Above the nozzle spring chamber 7, shown only schematically,
without the spring element contained in it, two control valves 11,
12 located side by side are shown. On their upper ends, the two
control valves 11, 12 communicate with one another by way of a
coupling chamber 15. The high-pressure bore 3 extends between the
two control valves 11 and 12, while the control bore 24 is shown
folded laterally outward, for the sake of greater simplicity. The
nozzle needle spring chamber 7 is assigned a throttle element 29,
in the outflow line to the low-pressure chamber 9; the throttle
element can be embodied with either a fixed or an adjustable cross
section.
The first control valve 11 is assigned return lines 27 and 28 into
the low-pressure chamber 9, while from the control chamber that
surrounds the second control valve 12, as the detail Z shows, a
bypass 37 discharges into the control bore 24.
From the second control valve 12, the return line 30 leads into the
low-pressure chamber 9, but as shown in FIG. 5 without the
interposition of a throttle element.
In the detail Z, the compensation system 34 at the second control
valve 12 is shown on a larger scale. In the control part 33,
embodied with the diameter d.sub.1, there is a bore 31, into which
a compensation piston 32 having the diameter d.sub.2 is let. The
bore 31 discharges into a narrowed bore 35, which in turn
communicates with a transverse bore 36 in the control part 33. This
transverse bore 36 discharges on both of its ends at the lower part
of the control chamber that surrounds the control part 33 of the
second control valve 12. From the control chamber, a bypass 37
branches off and connects the control chamber to the control bore
24, which in turn discharges into the nozzle needle spring chamber
7. In the region of the end of the second control valve oriented
toward the spring element 14, the control part 33 is embodied with
a diameter d.sub.3. By means of the compensation piston 32 of the
control part 33, which piston is acted upon from above with fuel
pressure prevailing in the coupling chamber 15, and by means of the
control bore 24 and the bypass 37, a pressure compensation is
established at the control part 33 of the second control valve 12
if the relationship d.sub.1.sup.2 -d.sub.3.sup.2 =d.sub.2.sup.2 is
met.
By means of the compensation system 34, the control valve 12 can be
actuated easily even at very high pressure. As a result, it is
possible at the nozzle needle 5, by means of increased pressure on
the back side of the nozzle needle, to maintain elevated pressure
in the closed state of the nozzle needle 5; the pressure already
built up need not be reduced again for an optional postinjection,
and thus a postinjection as indicated by the graphs 21 and 19 in
FIG. 2 is again possible toward the end of the main injection at a
higher pressure level.
FIG. 6 shows a longitudinal section through an injector.

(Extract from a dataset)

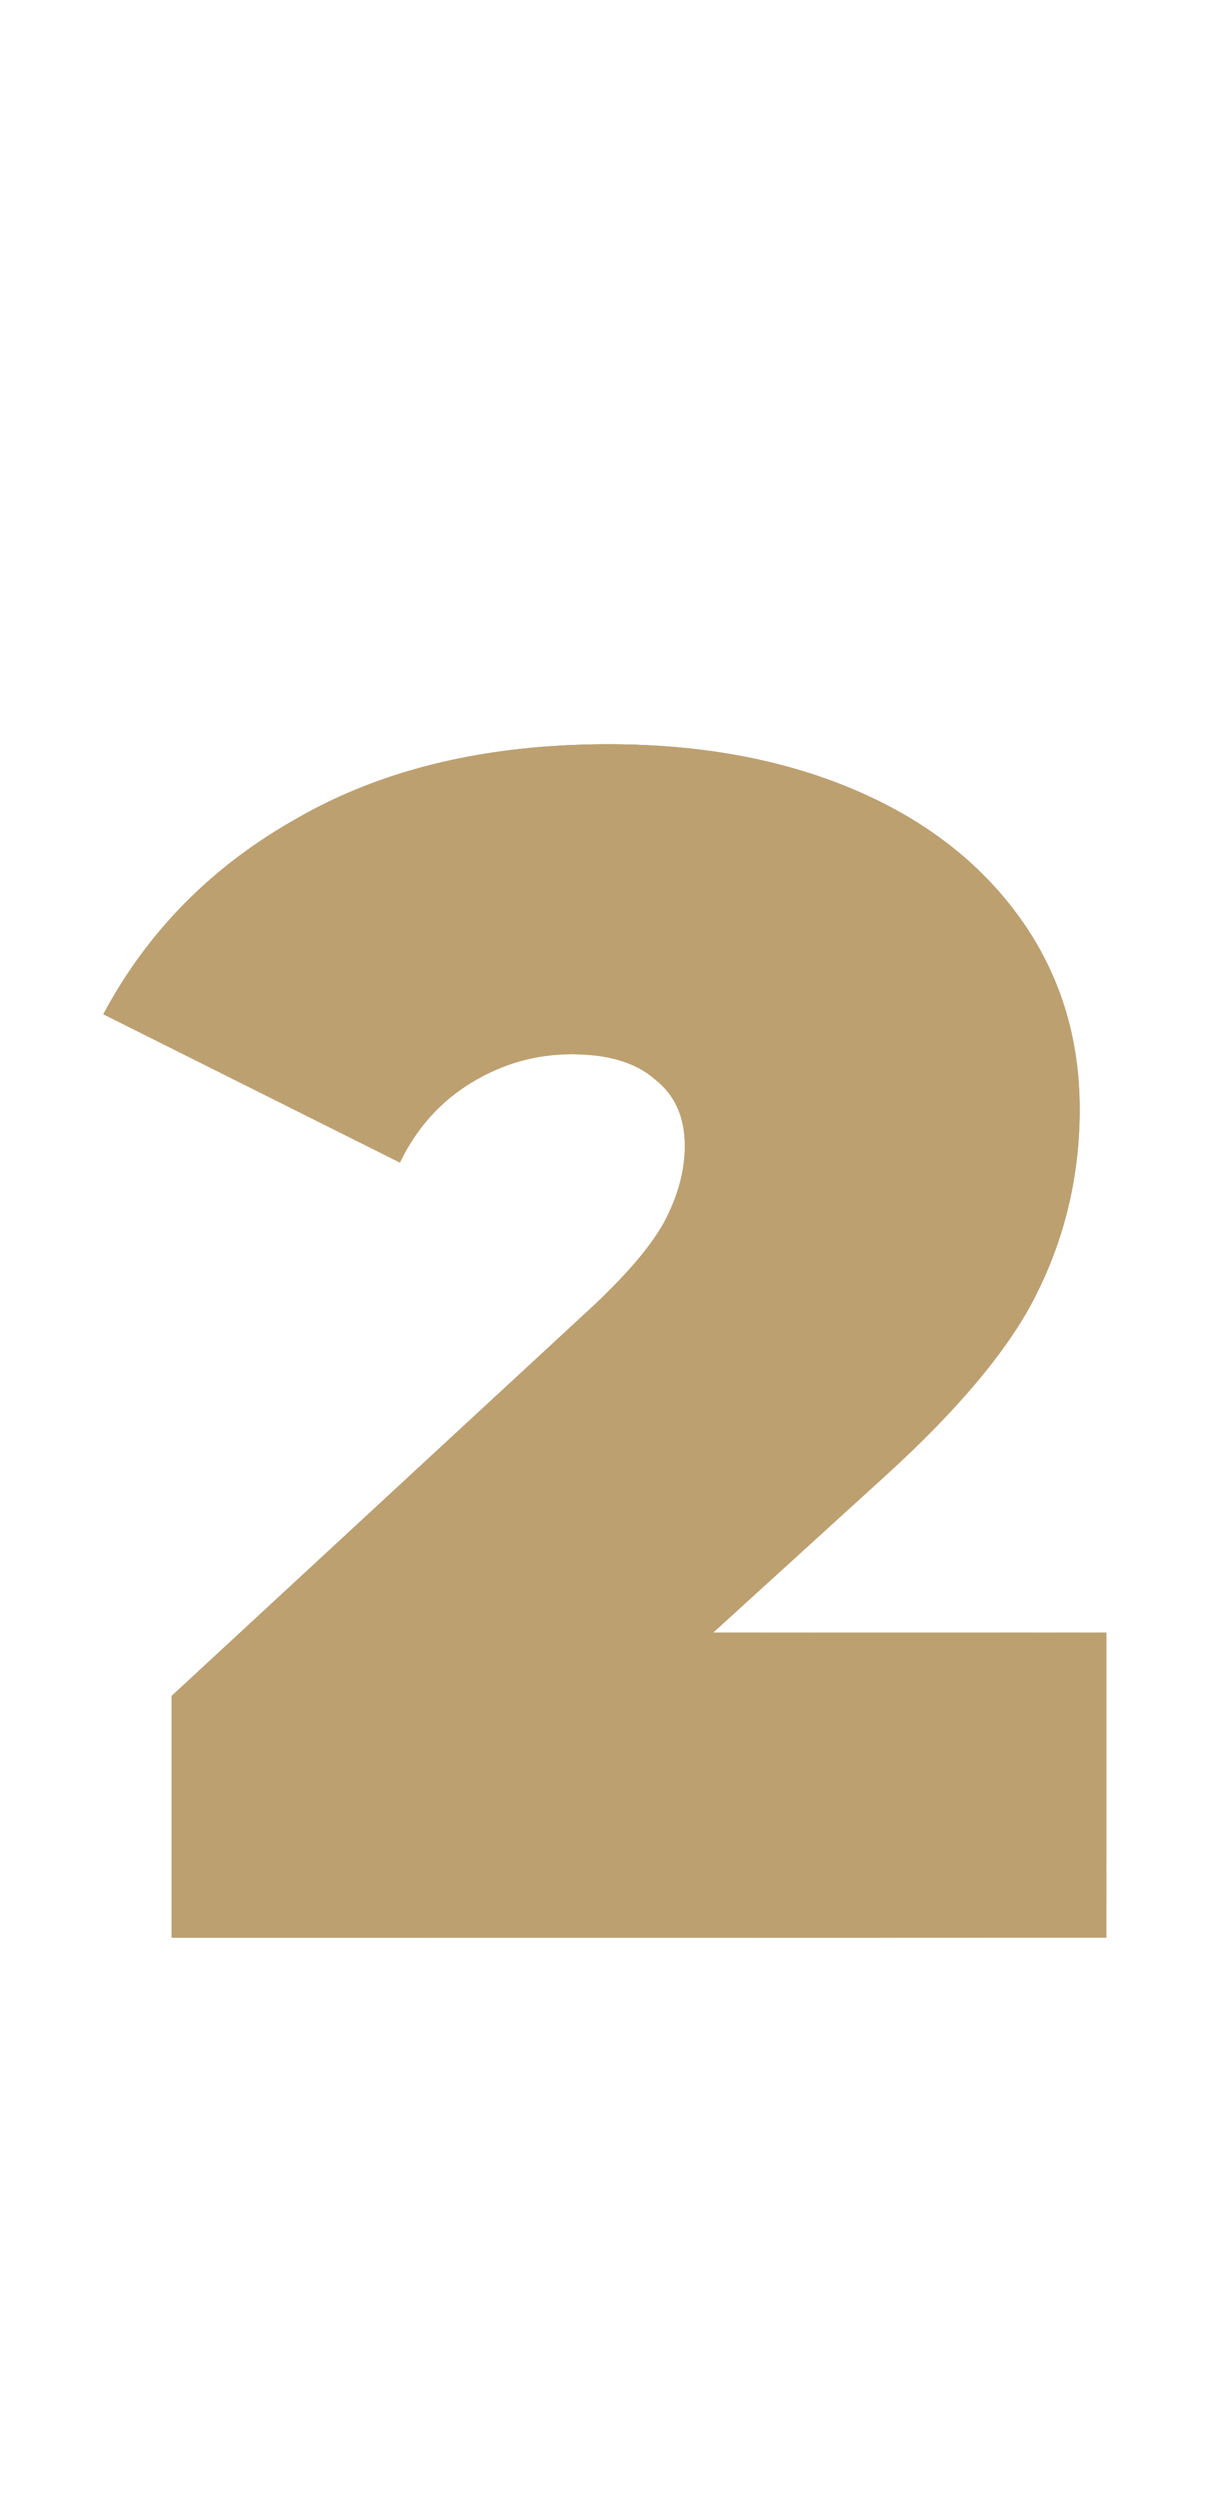 <?xml version="1.0" encoding="UTF-8"?> <svg xmlns="http://www.w3.org/2000/svg" width="58" height="120" viewBox="0 0 58 120" fill="none"> <g filter="url(#filter0_d_154_105)"> <path d="M53.12 74.36V89H8.24V77.4L28.48 58.68C30.24 57.027 31.413 55.613 32 54.44C32.587 53.267 32.88 52.12 32.88 51C32.88 49.613 32.4 48.547 31.44 47.8C30.533 47 29.2 46.6 27.44 46.6C25.733 46.6 24.133 47.053 22.64 47.96C21.147 48.867 20 50.147 19.2 51.8L4.96 44.68C7.093 40.68 10.213 37.533 14.32 35.24C18.427 32.893 23.387 31.72 29.2 31.72C33.627 31.72 37.547 32.44 40.96 33.88C44.373 35.32 47.04 37.373 48.96 40.04C50.88 42.707 51.84 45.773 51.84 49.24C51.84 52.333 51.173 55.24 49.84 57.96C48.56 60.627 46.027 63.667 42.24 67.08L34.24 74.36H53.12Z" fill="url(#paint0_linear_154_105)"></path> <path d="M53.12 74.36V89H8.24V77.4L28.48 58.68C30.24 57.027 31.413 55.613 32 54.44C32.587 53.267 32.88 52.12 32.88 51C32.88 49.613 32.4 48.547 31.44 47.8C30.533 47 29.2 46.6 27.44 46.6C25.733 46.6 24.133 47.053 22.64 47.96C21.147 48.867 20 50.147 19.2 51.8L4.96 44.68C7.093 40.68 10.213 37.533 14.32 35.24C18.427 32.893 23.387 31.72 29.2 31.72C33.627 31.72 37.547 32.44 40.96 33.88C44.373 35.32 47.04 37.373 48.96 40.04C50.88 42.707 51.84 45.773 51.84 49.24C51.84 52.333 51.173 55.24 49.84 57.96C48.56 60.627 46.027 63.667 42.24 67.08L34.24 74.36H53.12Z" fill="url(#paint1_radial_154_105)" style="mix-blend-mode:overlay"></path> <path d="M53.12 74.36V89H8.24V77.4L28.48 58.68C30.24 57.027 31.413 55.613 32 54.44C32.587 53.267 32.88 52.12 32.88 51C32.88 49.613 32.4 48.547 31.44 47.8C30.533 47 29.2 46.6 27.44 46.6C25.733 46.6 24.133 47.053 22.64 47.96C21.147 48.867 20 50.147 19.2 51.8L4.96 44.68C7.093 40.68 10.213 37.533 14.32 35.24C18.427 32.893 23.387 31.72 29.2 31.72C33.627 31.72 37.547 32.44 40.96 33.88C44.373 35.32 47.04 37.373 48.96 40.04C50.88 42.707 51.84 45.773 51.84 49.24C51.84 52.333 51.173 55.24 49.84 57.96C48.56 60.627 46.027 63.667 42.24 67.08L34.24 74.36H53.12Z" fill="#BDA06F" style="mix-blend-mode:color"></path> </g> <defs> <filter id="filter0_d_154_105" x="0.96" y="31.72" width="56.16" height="65.28" filterUnits="userSpaceOnUse" color-interpolation-filters="sRGB"> <feFlood flood-opacity="0" result="BackgroundImageFix"></feFlood> <feColorMatrix in="SourceAlpha" type="matrix" values="0 0 0 0 0 0 0 0 0 0 0 0 0 0 0 0 0 0 127 0" result="hardAlpha"></feColorMatrix> <feOffset dy="4"></feOffset> <feGaussianBlur stdDeviation="2"></feGaussianBlur> <feComposite in2="hardAlpha" operator="out"></feComposite> <feColorMatrix type="matrix" values="0 0 0 0 0 0 0 0 0 0 0 0 0 0 0 0 0 0 0.25 0"></feColorMatrix> <feBlend mode="normal" in2="BackgroundImageFix" result="effect1_dropShadow_154_105"></feBlend> <feBlend mode="normal" in="SourceGraphic" in2="effect1_dropShadow_154_105" result="shape"></feBlend> </filter> <linearGradient id="paint0_linear_154_105" x1="34.5" y1="81.5" x2="66.082" y2="57.715" gradientUnits="userSpaceOnUse"> <stop stop-color="#576167"></stop> <stop offset="0.172" stop-color="#9EA1A2"></stop> <stop offset="0.542" stop-color="#848989"></stop> <stop offset="0.651" stop-color="#576167"></stop> <stop offset="0.859" stop-color="#576167"></stop> <stop offset="0.935" stop-color="#757A7E"></stop> <stop offset="1" stop-color="#576167"></stop> </linearGradient> <radialGradient id="paint1_radial_154_105" cx="0" cy="0" r="1" gradientUnits="userSpaceOnUse" gradientTransform="translate(27.642 85) rotate(-104.931) scale(101.425 55.156)"> <stop stop-color="white" stop-opacity="0"></stop> <stop offset="0.932" stop-color="white"></stop> </radialGradient> </defs> </svg>

From this illustration, it can be seen that the pump chamber 1
acted upon by means of the piston 2 discharges into the
high-pressure line 3 in FIG. 1. The high-pressure line 3 in turn
discharges into the control chamber 4 surrounding the nozzle needle
5; the injection nozzle 6 in turn discharges into the combustion
chamber of an internal combustion engine. The nozzle needle 5 is
acted upon in turn by a compression spring shown in the nozzle
needle spring chamber 7. In the injector body 25, the control
valves 11 and 12 are shown, but only one of them is shown in
longitudinal section, for the sake of simplicity. The return lines
27, 28 and 30, beginning at the respective control valves 11 and
12, discharge into a hollow chamber, provided on the injector 25
and extending annularly, and from there the return flow of the fuel
takes place into the tank.
Because the nozzle needle spring chamber 7 is subjected to fuel
that is at high pressure and because the premature outflow of the
fuel is prevented by a throttle element 8 and 29, an active control
of the nozzle needle stroke can be attained. Because of pressure
compensation at the control valve 12 that forms the injection
pressure can be brought about by the compensation system 34,
postinjections at a high pressure level can also be performed.

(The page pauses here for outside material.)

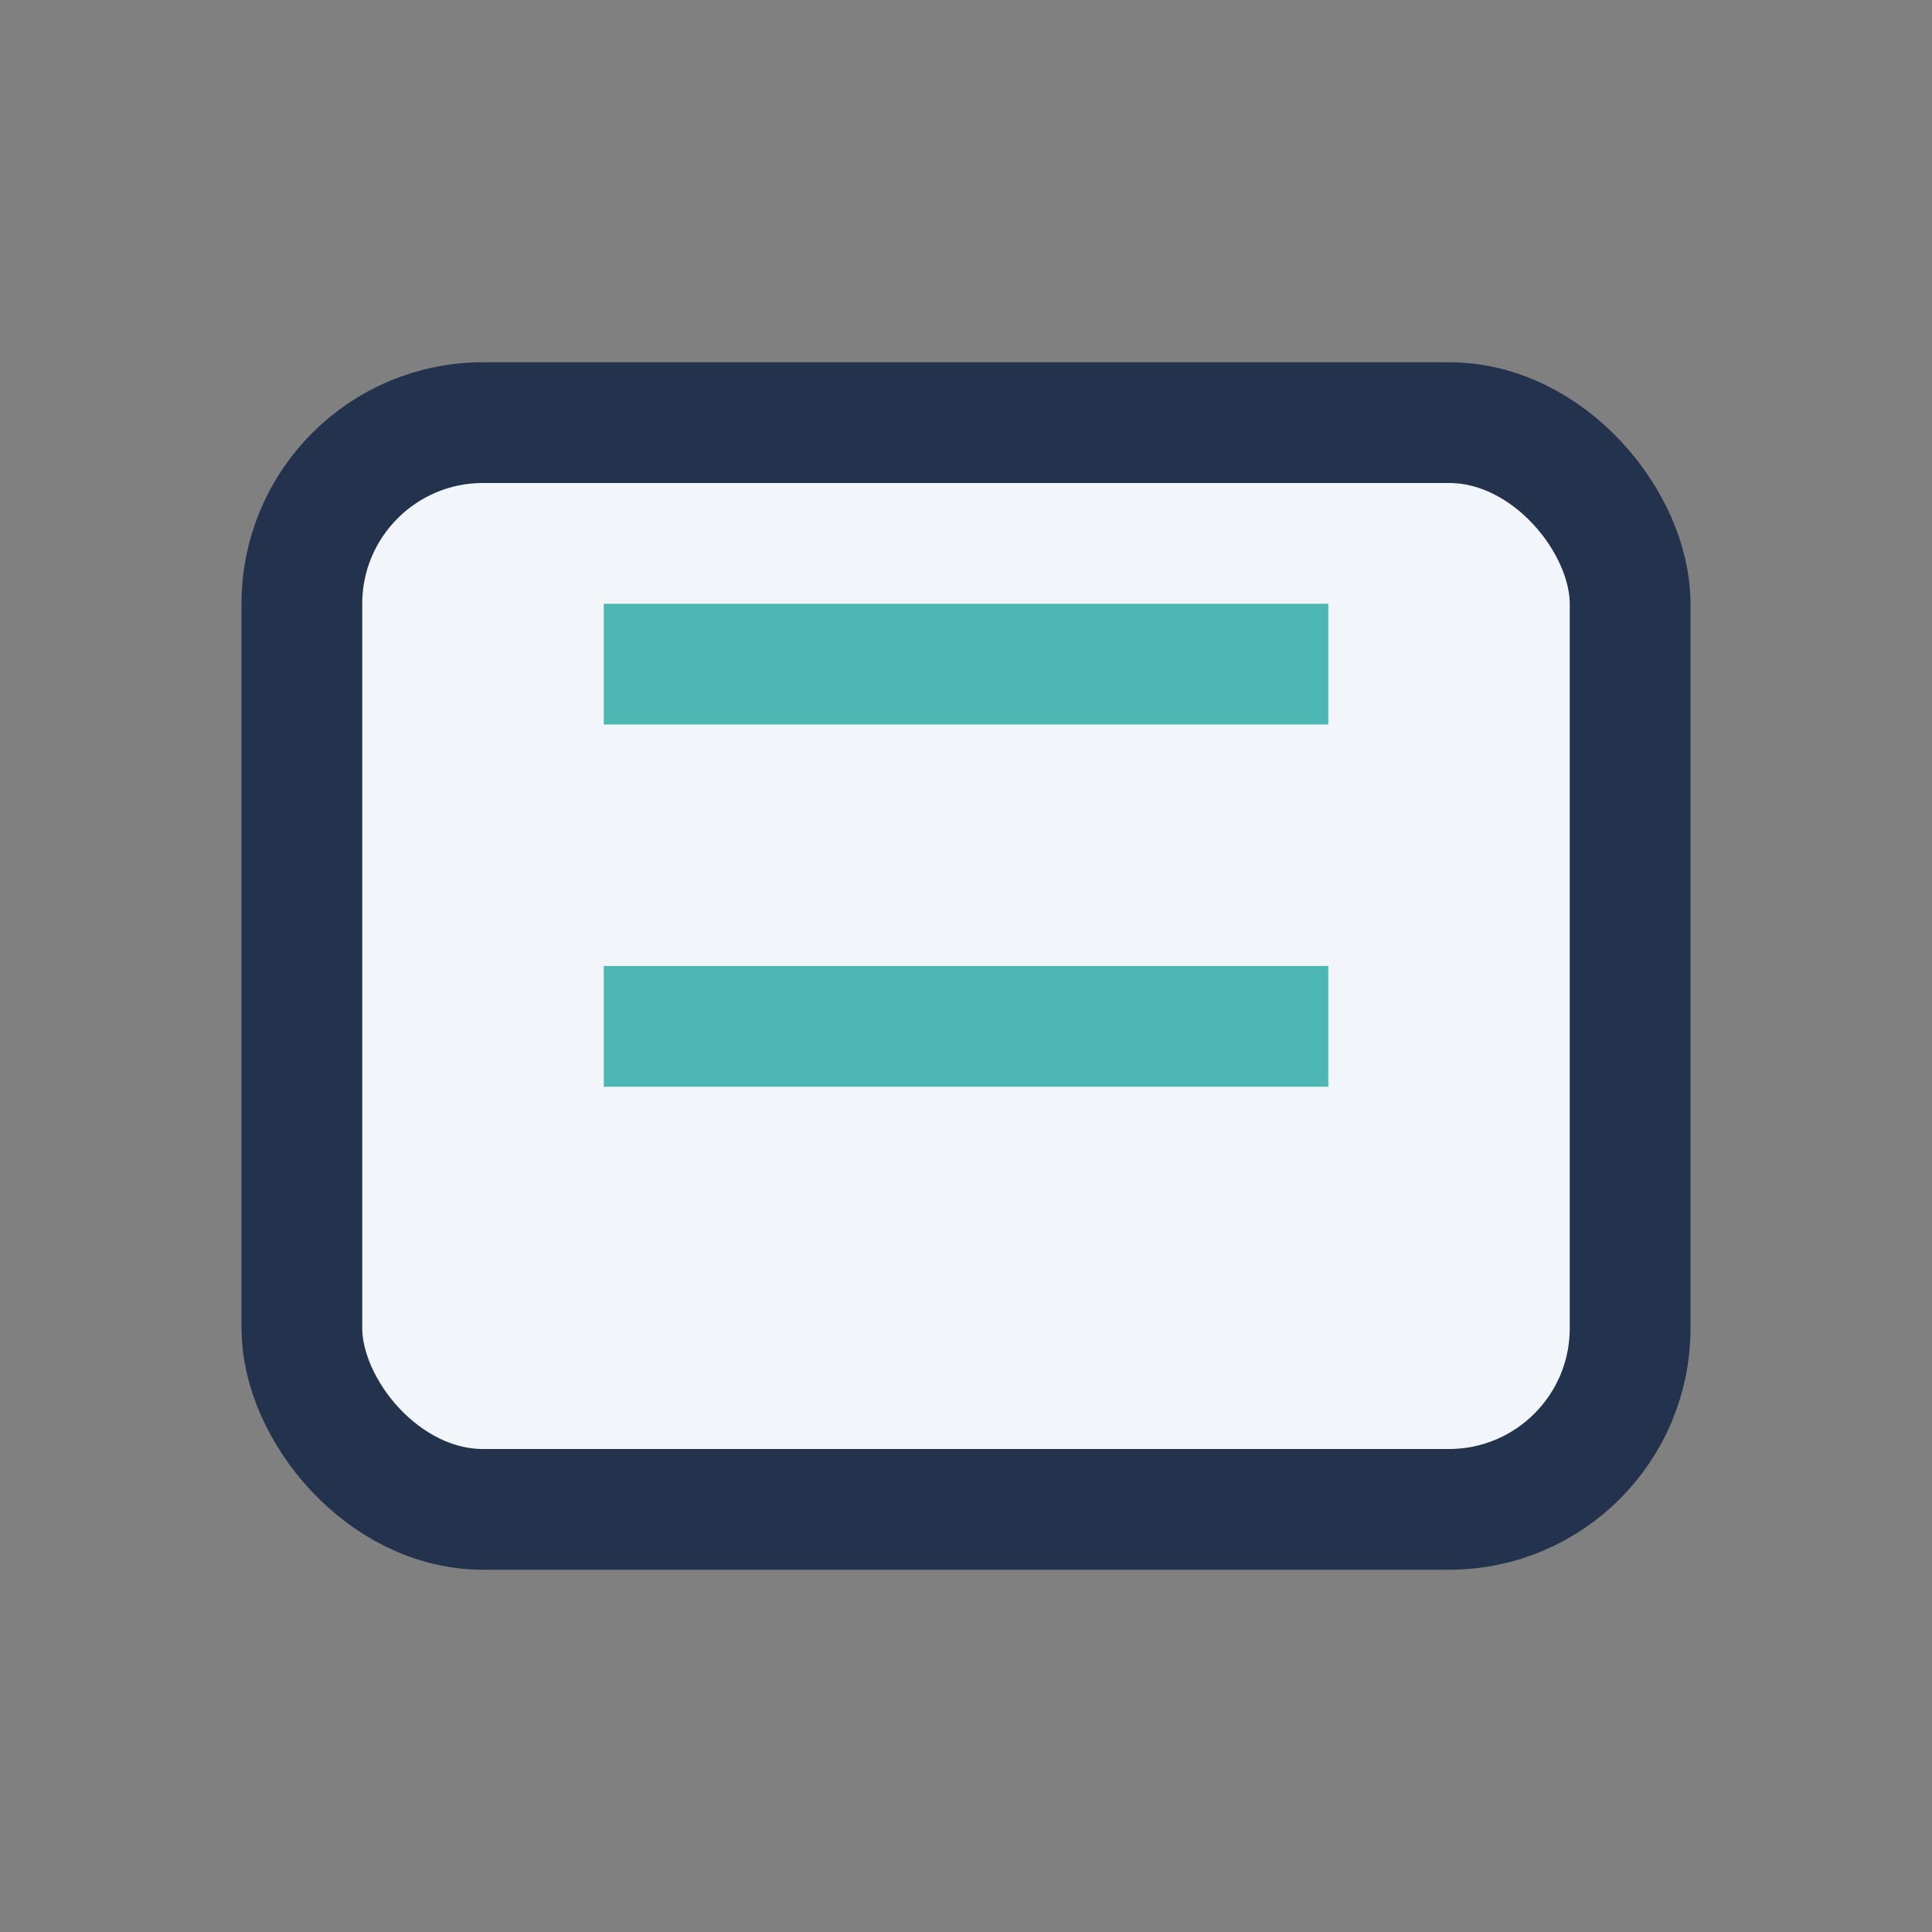 <?xml version="1.0" encoding="UTF-8"?>
<svg xmlns="http://www.w3.org/2000/svg" width="32" height="32" viewBox="0 0 32 32"><rect x="0" y="0" width="32" height="32" fill="#808080" stroke="none"/><rect x="5" y="7" width="22" height="18" rx="3" fill="#F2F6FA" stroke="#23324D" stroke-width="2"/><path d="M10 11h12M10 17h12" stroke="#4DB8B3" stroke-width="2"/></svg>

For sequencing the injection events, the control valves 11 and 12
are switched in succession; the different opening pressures of the
control valves 11 and 12 can be provided either by means of
differently dimensioned spring elements 13, 14--for instance in the
form of helical springs. As an alternative to this, until the
closure of the control valves 11 and 12, different fuel volumes can
be released by them, and these volumes are then compensated for
again by means of the actuator piston 2, in accordance with the
relationship A.sub.2.times.h.sub.2 of control valve
12>A.sub.1.times.h.sub.1 of control valve 11, where A.sub.1 is
the hydraulically effective cross sectional area of control valve
11 and h.sub.1 is the stroke thereof, A.sub.2 is the hydraulically
effective cross sectional area of control valve 12 and h.sub.2 is
the stroke thereof.
The foregoing relates to preferred exemplary embodiment of the
invention, it being understood that other variants and embodiments
thereof are possible within the spirit and scope of the invention,
the latter being defined by the appended claims.
* * * * *